A sequence \(C\) of length at least \(2\) can be obtained by performing operations several times on the sequence \((0,0)\) if and only if:

• Does not contain \(1\)

A sequence \(C\) of length at least \(2\) can be obtained by performing operations several times on the sequence \((0,1)\) if and only if:

• \(C_1=0, \; C_{|C|}=1\)
• \(0\)s do not appear consecutively

A sequence \(C\) of length at least \(2\) can be obtained by performing operations several times on the sequence \((1,1)\) if and only if:

• \(C_1=1, \; C_{|C|}=1\)
• If \(2 < |C|\), then it contains \(0\)
• \(0\)s do not appear consecutively

Consider the elements of sequence \(A\) that are included in \(B\) where \(|B|\) is minimized.

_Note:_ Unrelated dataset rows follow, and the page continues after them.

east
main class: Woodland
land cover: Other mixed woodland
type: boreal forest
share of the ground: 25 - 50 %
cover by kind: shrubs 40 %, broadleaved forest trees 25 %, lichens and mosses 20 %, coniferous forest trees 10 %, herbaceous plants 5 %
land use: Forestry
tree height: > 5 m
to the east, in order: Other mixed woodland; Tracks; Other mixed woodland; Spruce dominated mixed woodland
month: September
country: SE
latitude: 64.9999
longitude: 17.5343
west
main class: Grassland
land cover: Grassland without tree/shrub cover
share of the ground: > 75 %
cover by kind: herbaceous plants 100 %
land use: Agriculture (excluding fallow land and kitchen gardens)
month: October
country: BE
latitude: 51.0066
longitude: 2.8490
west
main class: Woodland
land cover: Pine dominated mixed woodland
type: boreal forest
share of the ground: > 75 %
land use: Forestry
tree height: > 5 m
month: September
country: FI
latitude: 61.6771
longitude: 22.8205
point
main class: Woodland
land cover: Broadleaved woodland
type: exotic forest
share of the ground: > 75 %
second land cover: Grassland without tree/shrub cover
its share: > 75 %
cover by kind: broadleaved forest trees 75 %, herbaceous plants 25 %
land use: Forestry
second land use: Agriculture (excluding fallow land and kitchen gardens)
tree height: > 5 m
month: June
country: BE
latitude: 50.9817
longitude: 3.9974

\(A_1\) and \(A_N\) are included in \(B\).

For \(l,r\) satisfying:

• \(l<r\)
• \(A_l=A_{l+1}=\dots=A_{r}=0\)
• \(l=1\) or \(A_{l-1}=1\)
• \(r=N\) or \(A_{r+1}=1\)

we can see that \(A_l\) and \(A_r\) are included in \(B\), while \(A_{l+1},A_{l+2},\dots,A_{r-1}\) need not be included in \(B\). Also, for such \(l,r\), when we remove \(A_l,A_{l+1},\dots,A_r\) and partition at that point, each partitioned consecutive subsequence contains at least one \(1\), one of which needs to be included in \(B\), and this is also sufficient. Therefore, we can find the minimum value of \(|B|\) by the number of such partitions.
Note that when \((A_1,A_2)=(0,1)\) or \((A_N,A_{N-1})=(0,1)\), we need to include two elements from the same consecutive subsequence in \(B\).

To find this value for each update query, we need to manage how many consecutive subsequences to remove (where two or more \(0\)s appear consecutively), and the overall time complexity is \(O(N+Q)\).